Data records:

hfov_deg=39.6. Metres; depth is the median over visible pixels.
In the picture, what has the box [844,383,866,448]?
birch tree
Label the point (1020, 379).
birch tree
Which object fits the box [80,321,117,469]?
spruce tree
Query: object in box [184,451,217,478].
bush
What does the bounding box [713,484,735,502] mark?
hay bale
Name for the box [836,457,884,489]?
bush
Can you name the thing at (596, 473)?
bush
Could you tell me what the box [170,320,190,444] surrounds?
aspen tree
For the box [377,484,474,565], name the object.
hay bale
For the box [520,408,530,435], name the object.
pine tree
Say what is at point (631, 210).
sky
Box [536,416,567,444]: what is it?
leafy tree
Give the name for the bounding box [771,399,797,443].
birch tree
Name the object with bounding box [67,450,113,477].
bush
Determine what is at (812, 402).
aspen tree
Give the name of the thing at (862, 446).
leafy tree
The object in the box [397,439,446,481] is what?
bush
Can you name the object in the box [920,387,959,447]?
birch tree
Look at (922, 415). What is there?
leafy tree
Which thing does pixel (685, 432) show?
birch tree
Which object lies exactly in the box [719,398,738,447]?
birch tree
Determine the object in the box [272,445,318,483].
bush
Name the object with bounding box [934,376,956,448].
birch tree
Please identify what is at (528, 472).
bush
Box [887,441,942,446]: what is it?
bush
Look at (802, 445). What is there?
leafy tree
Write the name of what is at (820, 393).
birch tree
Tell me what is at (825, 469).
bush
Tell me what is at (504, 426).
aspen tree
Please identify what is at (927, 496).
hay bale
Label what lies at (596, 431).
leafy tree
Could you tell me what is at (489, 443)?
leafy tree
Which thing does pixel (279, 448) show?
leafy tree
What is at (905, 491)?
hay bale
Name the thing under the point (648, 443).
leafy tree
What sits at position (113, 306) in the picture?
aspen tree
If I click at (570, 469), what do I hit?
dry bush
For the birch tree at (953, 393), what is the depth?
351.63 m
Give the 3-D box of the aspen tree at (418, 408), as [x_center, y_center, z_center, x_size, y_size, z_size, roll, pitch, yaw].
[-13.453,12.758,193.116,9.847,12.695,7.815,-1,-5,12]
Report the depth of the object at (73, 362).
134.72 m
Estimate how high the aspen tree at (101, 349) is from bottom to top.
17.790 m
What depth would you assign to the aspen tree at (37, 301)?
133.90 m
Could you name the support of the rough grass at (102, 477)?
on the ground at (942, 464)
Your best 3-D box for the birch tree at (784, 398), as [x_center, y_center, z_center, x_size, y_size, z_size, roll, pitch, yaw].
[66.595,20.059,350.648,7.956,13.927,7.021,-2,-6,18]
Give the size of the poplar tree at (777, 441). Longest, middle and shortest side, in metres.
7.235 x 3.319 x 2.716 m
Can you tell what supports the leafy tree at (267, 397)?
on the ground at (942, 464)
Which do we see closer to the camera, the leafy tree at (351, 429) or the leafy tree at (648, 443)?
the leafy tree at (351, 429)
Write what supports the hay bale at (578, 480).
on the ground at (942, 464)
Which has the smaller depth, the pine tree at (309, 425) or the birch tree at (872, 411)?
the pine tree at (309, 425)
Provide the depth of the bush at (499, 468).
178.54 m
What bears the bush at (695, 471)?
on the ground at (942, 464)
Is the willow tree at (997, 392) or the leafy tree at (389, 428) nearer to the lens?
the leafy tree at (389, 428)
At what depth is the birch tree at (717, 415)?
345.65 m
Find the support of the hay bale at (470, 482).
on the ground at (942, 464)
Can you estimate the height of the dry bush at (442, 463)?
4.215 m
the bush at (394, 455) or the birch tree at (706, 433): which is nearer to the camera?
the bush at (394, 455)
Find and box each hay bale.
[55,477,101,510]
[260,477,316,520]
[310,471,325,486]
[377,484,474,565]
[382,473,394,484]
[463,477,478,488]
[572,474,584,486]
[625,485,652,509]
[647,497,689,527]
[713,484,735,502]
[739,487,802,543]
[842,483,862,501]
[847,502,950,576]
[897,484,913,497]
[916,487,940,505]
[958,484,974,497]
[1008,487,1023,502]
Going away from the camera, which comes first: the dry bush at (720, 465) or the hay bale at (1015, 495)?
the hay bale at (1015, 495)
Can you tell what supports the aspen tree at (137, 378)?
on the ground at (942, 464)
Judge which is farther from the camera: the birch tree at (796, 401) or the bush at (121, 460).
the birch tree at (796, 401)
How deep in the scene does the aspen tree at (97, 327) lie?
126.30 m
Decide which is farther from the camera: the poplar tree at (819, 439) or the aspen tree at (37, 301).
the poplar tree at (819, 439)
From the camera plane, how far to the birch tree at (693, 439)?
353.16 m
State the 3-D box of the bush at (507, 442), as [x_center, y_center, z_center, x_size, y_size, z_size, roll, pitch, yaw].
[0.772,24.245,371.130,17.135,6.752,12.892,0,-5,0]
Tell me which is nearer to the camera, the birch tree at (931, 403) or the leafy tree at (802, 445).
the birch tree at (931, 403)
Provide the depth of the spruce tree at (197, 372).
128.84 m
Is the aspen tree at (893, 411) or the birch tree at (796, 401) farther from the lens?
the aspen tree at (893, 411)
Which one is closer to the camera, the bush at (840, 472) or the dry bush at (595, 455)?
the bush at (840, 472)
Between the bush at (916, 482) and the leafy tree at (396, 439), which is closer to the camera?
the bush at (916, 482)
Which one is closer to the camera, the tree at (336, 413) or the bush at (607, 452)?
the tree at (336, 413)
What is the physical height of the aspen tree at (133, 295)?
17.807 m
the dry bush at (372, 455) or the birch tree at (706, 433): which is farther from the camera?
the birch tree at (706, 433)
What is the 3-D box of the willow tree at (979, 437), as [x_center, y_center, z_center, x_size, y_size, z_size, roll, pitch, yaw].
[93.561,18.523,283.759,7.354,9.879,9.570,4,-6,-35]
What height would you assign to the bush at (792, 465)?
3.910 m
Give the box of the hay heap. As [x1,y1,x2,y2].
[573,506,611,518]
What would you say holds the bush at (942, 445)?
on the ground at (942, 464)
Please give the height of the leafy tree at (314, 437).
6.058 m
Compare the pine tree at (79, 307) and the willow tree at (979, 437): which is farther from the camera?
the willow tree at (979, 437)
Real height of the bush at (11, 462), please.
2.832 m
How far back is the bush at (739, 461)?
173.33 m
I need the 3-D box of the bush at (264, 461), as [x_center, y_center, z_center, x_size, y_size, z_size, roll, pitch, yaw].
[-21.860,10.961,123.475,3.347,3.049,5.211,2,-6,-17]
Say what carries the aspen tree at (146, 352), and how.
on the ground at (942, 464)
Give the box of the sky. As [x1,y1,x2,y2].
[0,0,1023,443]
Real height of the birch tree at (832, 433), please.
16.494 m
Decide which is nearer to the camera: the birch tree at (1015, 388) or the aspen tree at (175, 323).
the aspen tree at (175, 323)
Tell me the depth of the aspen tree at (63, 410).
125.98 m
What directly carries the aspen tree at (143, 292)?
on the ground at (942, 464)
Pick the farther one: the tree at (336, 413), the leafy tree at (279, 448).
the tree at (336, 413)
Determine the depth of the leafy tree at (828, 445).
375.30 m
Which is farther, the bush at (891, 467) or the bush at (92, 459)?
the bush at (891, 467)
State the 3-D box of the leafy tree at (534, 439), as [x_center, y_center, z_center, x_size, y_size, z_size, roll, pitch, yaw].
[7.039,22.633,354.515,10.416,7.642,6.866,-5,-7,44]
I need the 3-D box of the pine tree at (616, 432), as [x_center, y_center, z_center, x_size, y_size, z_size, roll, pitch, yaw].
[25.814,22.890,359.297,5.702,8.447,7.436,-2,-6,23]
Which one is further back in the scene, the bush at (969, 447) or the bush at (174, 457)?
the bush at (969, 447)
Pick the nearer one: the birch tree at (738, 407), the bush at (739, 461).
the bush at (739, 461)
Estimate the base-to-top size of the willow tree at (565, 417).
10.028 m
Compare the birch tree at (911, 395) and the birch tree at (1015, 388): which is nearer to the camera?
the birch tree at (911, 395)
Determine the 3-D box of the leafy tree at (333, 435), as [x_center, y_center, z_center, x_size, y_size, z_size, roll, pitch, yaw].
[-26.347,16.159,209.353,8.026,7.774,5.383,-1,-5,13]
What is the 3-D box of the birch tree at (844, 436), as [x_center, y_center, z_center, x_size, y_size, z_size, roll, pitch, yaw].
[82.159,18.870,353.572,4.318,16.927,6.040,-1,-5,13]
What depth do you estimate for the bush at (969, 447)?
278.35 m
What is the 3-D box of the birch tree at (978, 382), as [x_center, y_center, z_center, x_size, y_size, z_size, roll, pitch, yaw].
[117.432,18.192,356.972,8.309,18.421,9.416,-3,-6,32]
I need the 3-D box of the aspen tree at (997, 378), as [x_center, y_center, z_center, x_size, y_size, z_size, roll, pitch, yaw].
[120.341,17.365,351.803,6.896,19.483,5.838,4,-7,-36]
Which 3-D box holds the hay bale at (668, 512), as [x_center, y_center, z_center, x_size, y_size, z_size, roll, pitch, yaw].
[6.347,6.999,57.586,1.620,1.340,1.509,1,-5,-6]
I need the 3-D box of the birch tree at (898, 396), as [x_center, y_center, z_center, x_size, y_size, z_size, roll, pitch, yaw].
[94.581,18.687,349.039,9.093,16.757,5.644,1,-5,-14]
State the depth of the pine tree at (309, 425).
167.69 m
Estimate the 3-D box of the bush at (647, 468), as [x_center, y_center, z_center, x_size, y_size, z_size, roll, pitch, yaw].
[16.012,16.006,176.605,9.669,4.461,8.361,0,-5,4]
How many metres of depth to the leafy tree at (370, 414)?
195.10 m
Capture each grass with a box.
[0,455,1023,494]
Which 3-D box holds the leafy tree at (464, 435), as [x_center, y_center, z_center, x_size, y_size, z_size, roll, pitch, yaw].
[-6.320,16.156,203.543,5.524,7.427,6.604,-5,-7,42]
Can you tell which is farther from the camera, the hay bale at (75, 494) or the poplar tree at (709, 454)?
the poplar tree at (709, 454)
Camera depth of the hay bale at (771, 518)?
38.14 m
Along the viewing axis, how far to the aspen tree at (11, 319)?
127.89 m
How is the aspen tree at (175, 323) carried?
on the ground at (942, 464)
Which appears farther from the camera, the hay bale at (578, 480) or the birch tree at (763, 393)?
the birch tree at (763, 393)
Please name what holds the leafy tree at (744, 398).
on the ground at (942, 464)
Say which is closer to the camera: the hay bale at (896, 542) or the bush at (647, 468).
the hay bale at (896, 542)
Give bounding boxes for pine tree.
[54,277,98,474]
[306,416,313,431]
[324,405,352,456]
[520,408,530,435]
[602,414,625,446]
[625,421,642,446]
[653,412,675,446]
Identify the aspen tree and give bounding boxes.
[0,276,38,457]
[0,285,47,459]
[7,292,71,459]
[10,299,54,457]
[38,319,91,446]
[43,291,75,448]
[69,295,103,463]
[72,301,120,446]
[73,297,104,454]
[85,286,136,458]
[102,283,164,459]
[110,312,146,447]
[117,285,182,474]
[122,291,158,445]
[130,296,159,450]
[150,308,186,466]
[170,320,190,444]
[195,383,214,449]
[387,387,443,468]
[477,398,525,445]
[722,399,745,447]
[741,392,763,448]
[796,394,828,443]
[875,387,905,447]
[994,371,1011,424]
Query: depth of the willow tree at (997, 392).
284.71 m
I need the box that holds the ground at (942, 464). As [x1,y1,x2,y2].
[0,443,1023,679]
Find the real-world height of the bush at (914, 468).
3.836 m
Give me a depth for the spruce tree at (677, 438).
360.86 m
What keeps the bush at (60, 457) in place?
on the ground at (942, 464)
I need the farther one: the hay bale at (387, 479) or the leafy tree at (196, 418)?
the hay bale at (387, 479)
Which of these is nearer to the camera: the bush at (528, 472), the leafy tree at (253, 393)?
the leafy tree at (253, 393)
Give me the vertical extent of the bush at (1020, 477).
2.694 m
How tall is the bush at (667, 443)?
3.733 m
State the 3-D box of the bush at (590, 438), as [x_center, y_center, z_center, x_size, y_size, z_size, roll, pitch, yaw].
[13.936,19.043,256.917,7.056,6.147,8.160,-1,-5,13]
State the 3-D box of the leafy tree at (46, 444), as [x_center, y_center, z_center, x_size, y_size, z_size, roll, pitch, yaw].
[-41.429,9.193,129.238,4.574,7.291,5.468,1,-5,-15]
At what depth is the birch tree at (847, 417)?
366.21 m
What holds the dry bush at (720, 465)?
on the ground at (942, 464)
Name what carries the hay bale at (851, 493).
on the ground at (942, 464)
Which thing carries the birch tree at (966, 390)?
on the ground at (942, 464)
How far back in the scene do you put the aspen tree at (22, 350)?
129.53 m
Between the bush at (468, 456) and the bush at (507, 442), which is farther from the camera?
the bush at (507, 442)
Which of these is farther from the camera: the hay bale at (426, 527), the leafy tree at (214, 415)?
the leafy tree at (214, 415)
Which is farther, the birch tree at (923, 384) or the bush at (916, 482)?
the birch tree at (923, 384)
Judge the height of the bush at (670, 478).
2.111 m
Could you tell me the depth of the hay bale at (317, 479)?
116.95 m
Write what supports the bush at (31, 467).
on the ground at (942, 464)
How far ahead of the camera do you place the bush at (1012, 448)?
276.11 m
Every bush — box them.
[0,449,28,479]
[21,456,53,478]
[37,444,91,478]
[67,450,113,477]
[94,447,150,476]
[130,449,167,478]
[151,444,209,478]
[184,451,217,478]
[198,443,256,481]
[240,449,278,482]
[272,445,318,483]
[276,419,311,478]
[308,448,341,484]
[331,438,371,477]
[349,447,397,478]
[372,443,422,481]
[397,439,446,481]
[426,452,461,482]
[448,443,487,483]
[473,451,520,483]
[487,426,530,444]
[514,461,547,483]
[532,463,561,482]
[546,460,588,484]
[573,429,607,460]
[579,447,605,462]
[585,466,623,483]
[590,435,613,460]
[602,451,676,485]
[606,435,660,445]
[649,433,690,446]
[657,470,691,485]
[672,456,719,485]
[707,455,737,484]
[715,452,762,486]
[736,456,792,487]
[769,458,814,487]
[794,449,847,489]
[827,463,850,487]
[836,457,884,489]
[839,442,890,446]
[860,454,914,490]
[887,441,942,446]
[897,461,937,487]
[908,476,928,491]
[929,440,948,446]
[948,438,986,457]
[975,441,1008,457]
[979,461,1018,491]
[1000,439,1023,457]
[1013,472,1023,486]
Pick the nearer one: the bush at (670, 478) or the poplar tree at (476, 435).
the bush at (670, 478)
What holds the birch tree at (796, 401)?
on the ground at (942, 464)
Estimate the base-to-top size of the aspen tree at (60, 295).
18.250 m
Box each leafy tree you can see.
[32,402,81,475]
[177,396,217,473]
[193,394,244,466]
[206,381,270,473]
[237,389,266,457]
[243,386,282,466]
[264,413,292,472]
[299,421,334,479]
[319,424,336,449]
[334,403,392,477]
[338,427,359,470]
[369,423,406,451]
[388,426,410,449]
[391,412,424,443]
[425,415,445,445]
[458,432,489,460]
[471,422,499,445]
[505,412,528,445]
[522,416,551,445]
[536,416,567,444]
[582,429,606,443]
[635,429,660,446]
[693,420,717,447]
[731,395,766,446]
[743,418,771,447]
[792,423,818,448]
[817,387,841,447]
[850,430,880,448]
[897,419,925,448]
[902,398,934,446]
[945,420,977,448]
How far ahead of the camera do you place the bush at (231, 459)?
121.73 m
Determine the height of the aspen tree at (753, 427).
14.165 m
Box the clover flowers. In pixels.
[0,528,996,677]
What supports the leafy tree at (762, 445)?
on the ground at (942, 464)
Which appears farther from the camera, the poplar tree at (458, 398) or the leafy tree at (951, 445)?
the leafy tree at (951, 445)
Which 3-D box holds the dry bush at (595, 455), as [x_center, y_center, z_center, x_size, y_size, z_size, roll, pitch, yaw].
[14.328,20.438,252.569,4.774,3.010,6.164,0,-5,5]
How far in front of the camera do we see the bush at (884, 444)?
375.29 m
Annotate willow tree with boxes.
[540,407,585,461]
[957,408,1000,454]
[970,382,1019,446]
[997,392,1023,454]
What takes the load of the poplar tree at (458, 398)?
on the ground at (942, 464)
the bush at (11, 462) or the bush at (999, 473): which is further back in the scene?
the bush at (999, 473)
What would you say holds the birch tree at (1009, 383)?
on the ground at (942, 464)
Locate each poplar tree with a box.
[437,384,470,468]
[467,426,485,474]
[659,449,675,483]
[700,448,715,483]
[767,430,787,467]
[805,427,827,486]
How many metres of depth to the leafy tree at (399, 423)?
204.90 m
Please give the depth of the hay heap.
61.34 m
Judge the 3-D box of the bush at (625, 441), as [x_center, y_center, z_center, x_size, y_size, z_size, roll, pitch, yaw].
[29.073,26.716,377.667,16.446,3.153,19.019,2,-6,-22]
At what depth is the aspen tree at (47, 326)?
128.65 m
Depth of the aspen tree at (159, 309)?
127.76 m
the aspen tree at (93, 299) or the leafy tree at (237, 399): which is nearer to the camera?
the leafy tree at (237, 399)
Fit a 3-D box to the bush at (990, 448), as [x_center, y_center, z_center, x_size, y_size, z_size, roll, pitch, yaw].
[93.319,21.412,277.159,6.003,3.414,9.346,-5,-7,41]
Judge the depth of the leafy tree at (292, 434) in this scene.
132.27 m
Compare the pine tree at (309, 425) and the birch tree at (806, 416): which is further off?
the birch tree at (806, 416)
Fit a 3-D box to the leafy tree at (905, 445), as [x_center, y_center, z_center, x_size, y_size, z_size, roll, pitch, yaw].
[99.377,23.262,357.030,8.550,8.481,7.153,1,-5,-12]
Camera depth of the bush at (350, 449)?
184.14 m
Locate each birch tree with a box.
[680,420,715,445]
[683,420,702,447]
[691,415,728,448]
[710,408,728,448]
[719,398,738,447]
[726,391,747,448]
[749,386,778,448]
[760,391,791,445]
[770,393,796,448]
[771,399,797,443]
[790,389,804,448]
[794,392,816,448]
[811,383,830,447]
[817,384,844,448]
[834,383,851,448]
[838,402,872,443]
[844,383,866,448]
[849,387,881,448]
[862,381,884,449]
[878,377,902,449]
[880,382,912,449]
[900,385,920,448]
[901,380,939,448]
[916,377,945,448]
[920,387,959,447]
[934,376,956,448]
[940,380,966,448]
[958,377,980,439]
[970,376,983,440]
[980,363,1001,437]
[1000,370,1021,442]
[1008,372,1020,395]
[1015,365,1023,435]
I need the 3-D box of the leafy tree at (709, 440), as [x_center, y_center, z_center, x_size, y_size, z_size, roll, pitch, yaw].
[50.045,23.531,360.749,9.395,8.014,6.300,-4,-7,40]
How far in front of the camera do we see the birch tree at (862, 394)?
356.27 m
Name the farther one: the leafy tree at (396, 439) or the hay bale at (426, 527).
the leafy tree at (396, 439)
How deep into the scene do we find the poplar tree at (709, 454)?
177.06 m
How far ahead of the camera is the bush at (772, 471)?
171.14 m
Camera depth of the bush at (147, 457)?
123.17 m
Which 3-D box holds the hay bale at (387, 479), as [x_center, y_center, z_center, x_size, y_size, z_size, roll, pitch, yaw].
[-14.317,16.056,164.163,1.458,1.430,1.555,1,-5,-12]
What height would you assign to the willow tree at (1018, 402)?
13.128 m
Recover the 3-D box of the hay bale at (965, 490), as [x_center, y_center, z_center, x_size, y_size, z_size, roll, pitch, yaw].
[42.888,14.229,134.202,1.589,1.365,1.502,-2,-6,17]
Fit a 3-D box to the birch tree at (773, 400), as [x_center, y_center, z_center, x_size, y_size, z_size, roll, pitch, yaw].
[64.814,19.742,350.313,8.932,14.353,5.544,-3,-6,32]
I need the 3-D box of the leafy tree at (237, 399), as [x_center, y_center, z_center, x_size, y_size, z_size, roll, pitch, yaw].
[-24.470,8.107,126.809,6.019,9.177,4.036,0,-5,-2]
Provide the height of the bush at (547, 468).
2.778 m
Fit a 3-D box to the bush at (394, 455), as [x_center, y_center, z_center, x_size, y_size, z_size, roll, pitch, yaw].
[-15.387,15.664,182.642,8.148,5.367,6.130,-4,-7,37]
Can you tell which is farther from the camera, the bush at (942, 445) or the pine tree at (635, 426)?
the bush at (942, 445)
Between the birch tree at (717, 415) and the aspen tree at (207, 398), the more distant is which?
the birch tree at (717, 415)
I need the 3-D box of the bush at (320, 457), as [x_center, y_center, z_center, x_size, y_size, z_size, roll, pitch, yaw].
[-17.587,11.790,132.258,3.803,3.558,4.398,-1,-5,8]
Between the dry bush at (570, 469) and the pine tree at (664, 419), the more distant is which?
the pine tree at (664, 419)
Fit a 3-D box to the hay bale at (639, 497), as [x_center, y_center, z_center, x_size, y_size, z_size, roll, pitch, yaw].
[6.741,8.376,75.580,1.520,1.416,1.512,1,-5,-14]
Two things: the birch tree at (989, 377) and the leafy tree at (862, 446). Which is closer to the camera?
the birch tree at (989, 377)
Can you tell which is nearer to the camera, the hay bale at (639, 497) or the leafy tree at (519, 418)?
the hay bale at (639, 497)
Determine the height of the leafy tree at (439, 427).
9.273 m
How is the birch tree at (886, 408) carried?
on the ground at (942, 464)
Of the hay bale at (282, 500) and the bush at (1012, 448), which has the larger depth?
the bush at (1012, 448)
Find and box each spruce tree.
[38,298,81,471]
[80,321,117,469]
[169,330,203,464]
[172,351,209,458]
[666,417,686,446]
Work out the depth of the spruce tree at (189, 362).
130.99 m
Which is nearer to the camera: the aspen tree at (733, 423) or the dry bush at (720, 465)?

→ WHAT IS REQUIRED: Go through the records above, find every line with the word "pixels", and list those lines.

→ SOLUTION FOR THIS EXERCISE:
hfov_deg=39.6. Metres; depth is the median over visible pixels.
Box the clover flowers. In pixels.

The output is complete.